Items from a data source
- Opening Delimiter -
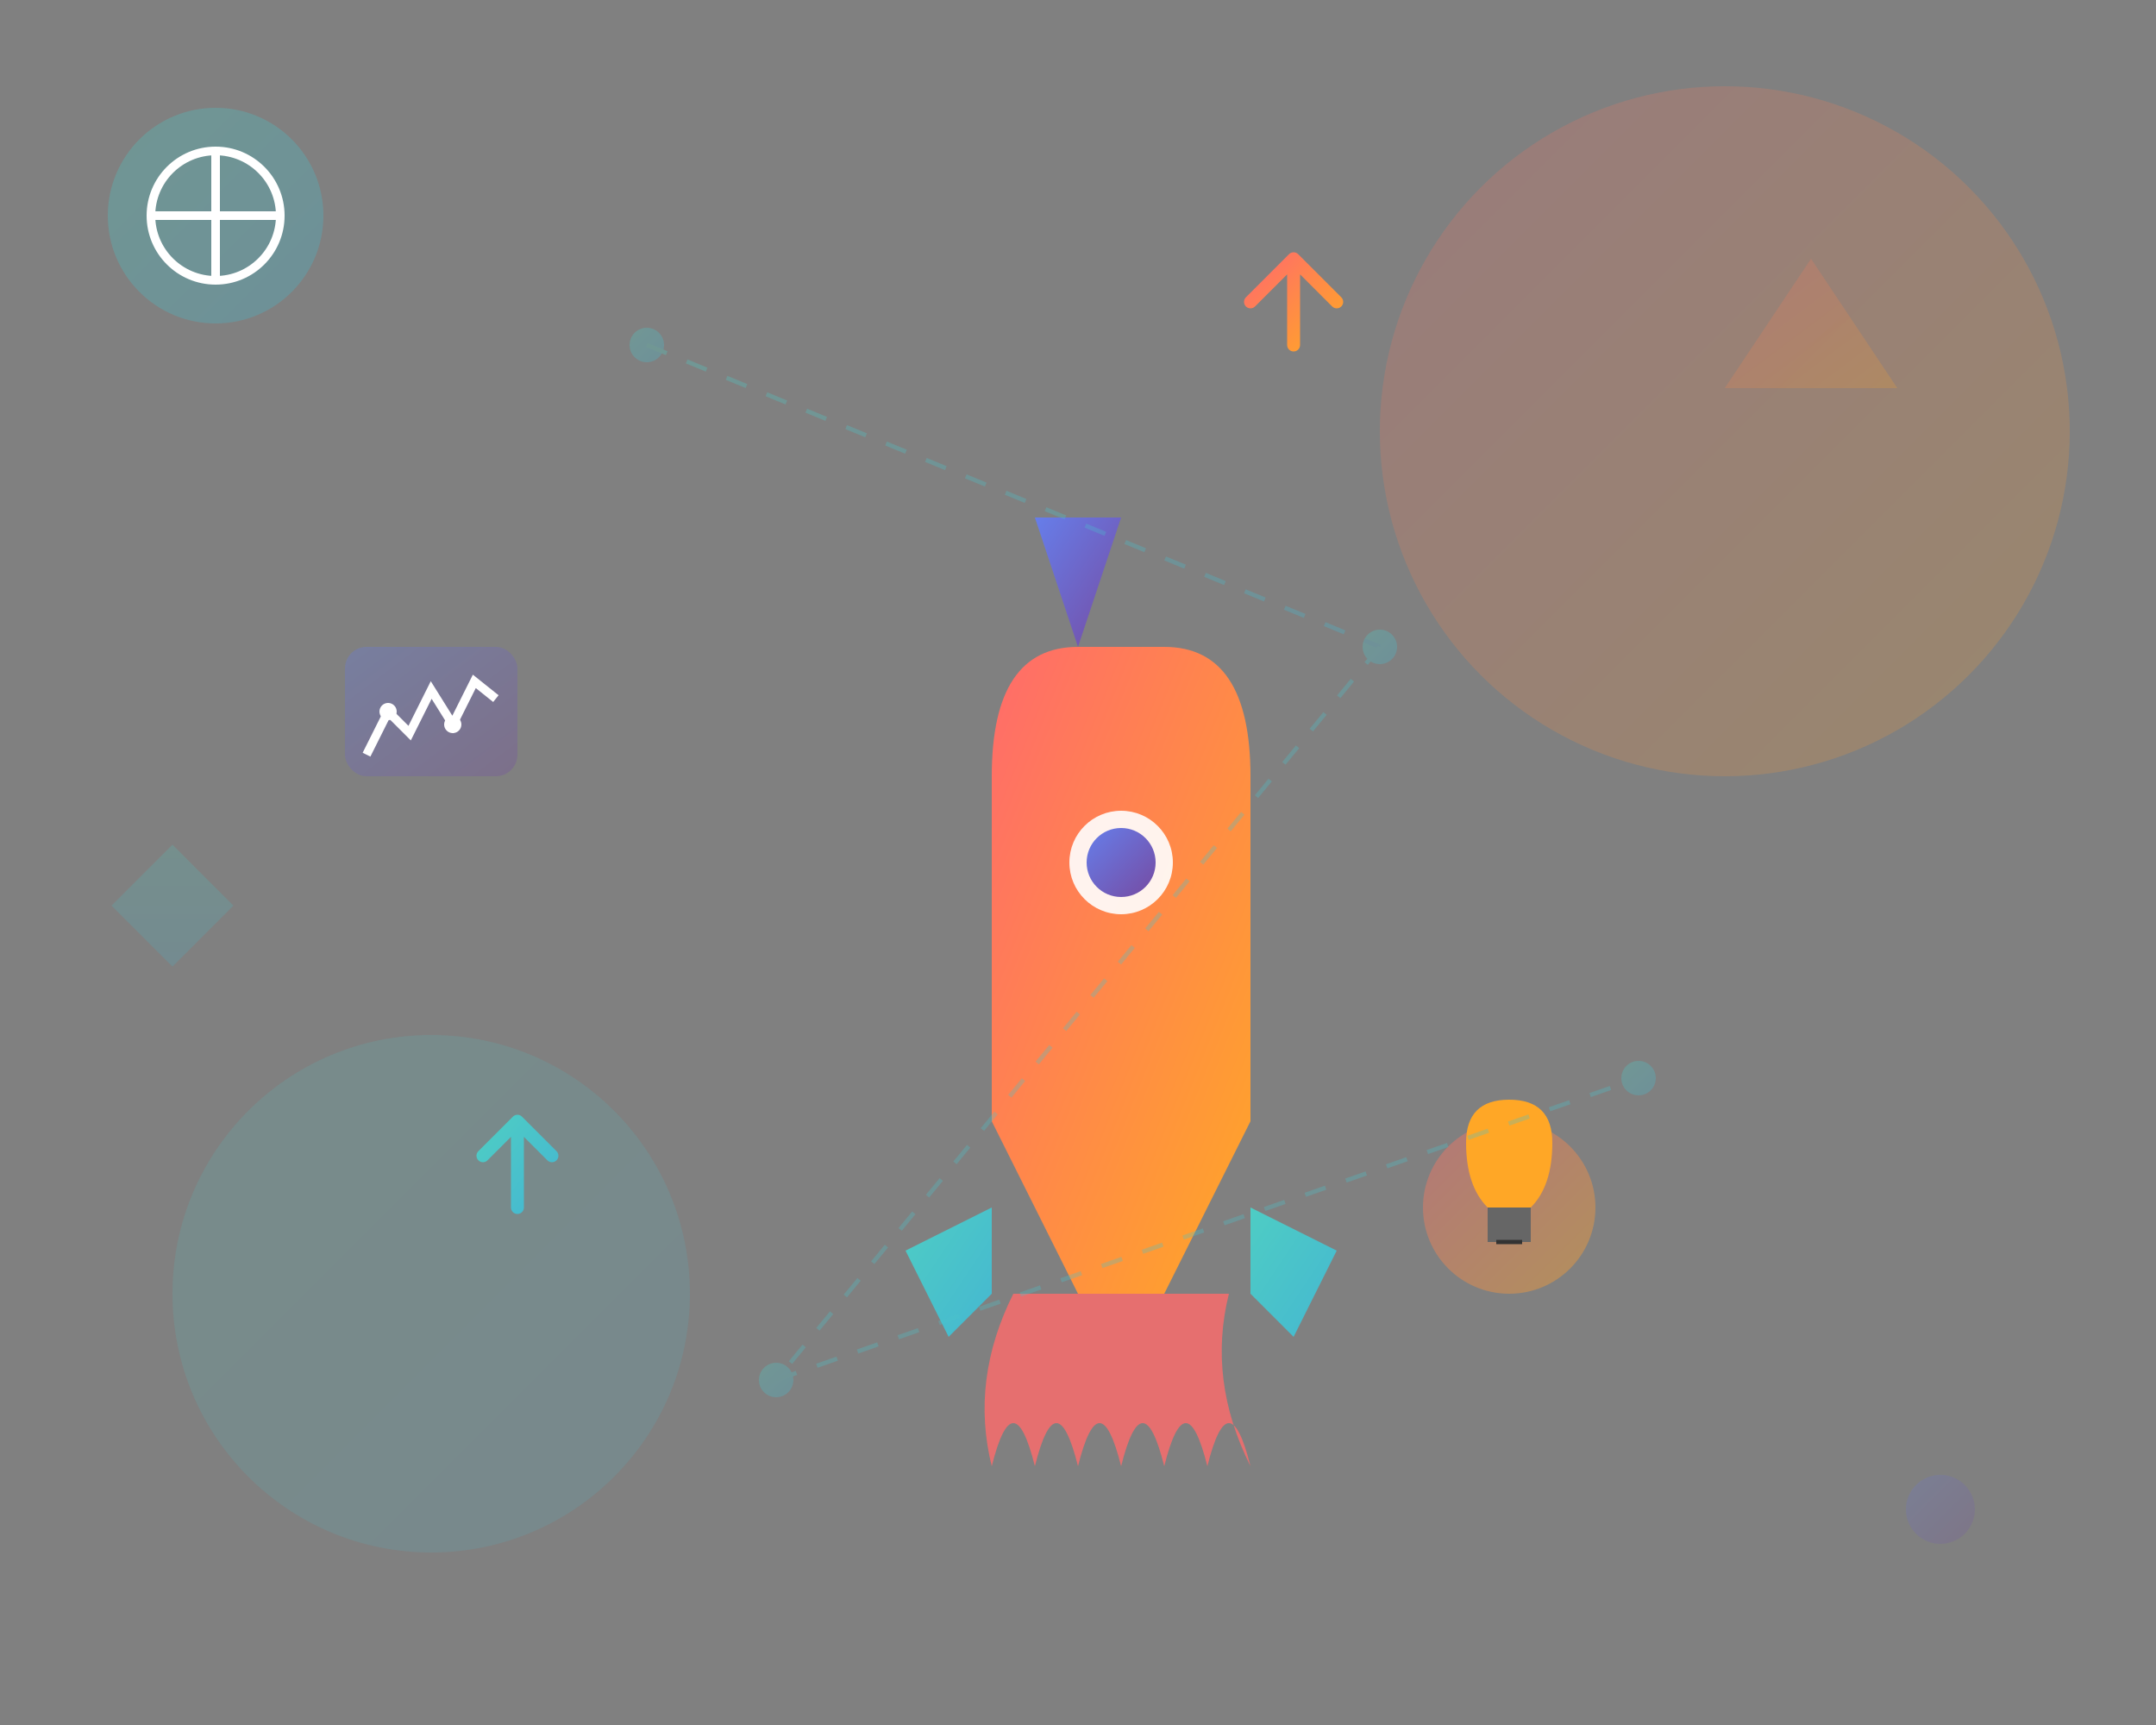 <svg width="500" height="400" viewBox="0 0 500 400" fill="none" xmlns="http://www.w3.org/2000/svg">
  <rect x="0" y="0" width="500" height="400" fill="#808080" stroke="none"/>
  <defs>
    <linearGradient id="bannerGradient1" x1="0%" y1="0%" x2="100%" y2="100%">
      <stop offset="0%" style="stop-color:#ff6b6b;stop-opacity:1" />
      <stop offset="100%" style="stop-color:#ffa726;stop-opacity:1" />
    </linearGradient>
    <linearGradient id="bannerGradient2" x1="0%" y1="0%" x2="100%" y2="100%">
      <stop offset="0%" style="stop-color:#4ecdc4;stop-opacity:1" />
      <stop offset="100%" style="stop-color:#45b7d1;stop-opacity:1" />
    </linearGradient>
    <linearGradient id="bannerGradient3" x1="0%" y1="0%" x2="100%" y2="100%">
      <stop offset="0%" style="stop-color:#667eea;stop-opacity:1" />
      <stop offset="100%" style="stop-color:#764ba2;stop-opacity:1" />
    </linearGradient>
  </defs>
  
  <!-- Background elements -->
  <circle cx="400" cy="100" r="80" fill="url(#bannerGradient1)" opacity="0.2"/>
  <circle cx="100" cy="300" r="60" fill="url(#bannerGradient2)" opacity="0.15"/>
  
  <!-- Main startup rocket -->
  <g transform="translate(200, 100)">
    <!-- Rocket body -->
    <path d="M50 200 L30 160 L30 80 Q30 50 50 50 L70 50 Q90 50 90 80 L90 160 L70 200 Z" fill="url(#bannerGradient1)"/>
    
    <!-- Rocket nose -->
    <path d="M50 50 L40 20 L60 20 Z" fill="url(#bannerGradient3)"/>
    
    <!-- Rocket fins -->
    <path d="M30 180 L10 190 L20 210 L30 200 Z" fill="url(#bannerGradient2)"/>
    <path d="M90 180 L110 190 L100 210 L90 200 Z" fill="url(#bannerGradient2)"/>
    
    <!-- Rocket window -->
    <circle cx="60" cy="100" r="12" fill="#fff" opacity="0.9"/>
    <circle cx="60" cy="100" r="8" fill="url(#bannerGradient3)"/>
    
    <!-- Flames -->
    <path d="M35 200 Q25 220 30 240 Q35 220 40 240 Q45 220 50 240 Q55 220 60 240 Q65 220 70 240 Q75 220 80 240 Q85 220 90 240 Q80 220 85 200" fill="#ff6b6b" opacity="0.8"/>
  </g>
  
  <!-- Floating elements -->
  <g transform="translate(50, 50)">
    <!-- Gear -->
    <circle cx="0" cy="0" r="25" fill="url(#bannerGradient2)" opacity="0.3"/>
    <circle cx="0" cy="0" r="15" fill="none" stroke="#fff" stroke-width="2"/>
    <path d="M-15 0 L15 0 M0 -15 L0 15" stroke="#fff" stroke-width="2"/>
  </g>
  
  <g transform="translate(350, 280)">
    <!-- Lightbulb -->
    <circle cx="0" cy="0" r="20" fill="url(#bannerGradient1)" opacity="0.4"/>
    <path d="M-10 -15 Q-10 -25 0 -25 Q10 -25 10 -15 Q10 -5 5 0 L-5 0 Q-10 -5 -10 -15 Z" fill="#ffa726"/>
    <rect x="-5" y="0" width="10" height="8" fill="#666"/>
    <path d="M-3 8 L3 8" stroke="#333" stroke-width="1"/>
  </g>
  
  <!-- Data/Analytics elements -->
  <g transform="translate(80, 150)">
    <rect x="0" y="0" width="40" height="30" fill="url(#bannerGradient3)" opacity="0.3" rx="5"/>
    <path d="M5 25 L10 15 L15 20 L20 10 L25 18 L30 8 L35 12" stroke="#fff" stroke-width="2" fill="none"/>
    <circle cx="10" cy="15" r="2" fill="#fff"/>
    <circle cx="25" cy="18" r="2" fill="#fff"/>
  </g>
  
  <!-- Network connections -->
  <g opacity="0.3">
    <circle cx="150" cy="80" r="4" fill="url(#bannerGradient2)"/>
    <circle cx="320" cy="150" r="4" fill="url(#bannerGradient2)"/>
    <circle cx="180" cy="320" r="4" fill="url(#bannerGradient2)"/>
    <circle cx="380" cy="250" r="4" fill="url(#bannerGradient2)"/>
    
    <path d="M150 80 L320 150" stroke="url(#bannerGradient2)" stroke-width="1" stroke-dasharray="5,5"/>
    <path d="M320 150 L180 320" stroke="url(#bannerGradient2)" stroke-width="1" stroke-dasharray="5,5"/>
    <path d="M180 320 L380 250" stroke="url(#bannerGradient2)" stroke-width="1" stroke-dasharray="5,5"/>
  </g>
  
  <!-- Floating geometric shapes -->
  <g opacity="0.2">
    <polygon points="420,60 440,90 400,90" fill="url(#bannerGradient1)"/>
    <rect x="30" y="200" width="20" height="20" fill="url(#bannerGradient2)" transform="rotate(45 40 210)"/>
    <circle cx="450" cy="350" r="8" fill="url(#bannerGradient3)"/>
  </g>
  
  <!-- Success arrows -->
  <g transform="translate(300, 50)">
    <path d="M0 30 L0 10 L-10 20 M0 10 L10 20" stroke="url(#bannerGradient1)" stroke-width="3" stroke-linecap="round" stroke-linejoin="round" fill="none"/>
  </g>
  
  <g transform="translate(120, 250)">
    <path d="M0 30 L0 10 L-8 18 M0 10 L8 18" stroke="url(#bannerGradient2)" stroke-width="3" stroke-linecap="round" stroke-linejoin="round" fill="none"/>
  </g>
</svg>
- Closing Delimiter -
EXERCISE DESCRIPTION ▸ Print once more, exactly, the lines that start at the top of the records above and end at the line with "<!-- Rocket body -->", skipping all pictures.

FINISHED TASK ▸
 <svg width="500" height="400" viewBox="0 0 500 400" fill="none" xmlns="http://www.w3.org/2000/svg">
  <rect x="0" y="0" width="500" height="400" fill="#808080" stroke="none"/>
  <defs>
    <linearGradient id="bannerGradient1" x1="0%" y1="0%" x2="100%" y2="100%">
      <stop offset="0%" style="stop-color:#ff6b6b;stop-opacity:1" />
      <stop offset="100%" style="stop-color:#ffa726;stop-opacity:1" />
    </linearGradient>
    <linearGradient id="bannerGradient2" x1="0%" y1="0%" x2="100%" y2="100%">
      <stop offset="0%" style="stop-color:#4ecdc4;stop-opacity:1" />
      <stop offset="100%" style="stop-color:#45b7d1;stop-opacity:1" />
    </linearGradient>
    <linearGradient id="bannerGradient3" x1="0%" y1="0%" x2="100%" y2="100%">
      <stop offset="0%" style="stop-color:#667eea;stop-opacity:1" />
      <stop offset="100%" style="stop-color:#764ba2;stop-opacity:1" />
    </linearGradient>
  </defs>
  
  <!-- Background elements -->
  <circle cx="400" cy="100" r="80" fill="url(#bannerGradient1)" opacity="0.2"/>
  <circle cx="100" cy="300" r="60" fill="url(#bannerGradient2)" opacity="0.15"/>
  
  <!-- Main startup rocket -->
  <g transform="translate(200, 100)">
    <!-- Rocket body -->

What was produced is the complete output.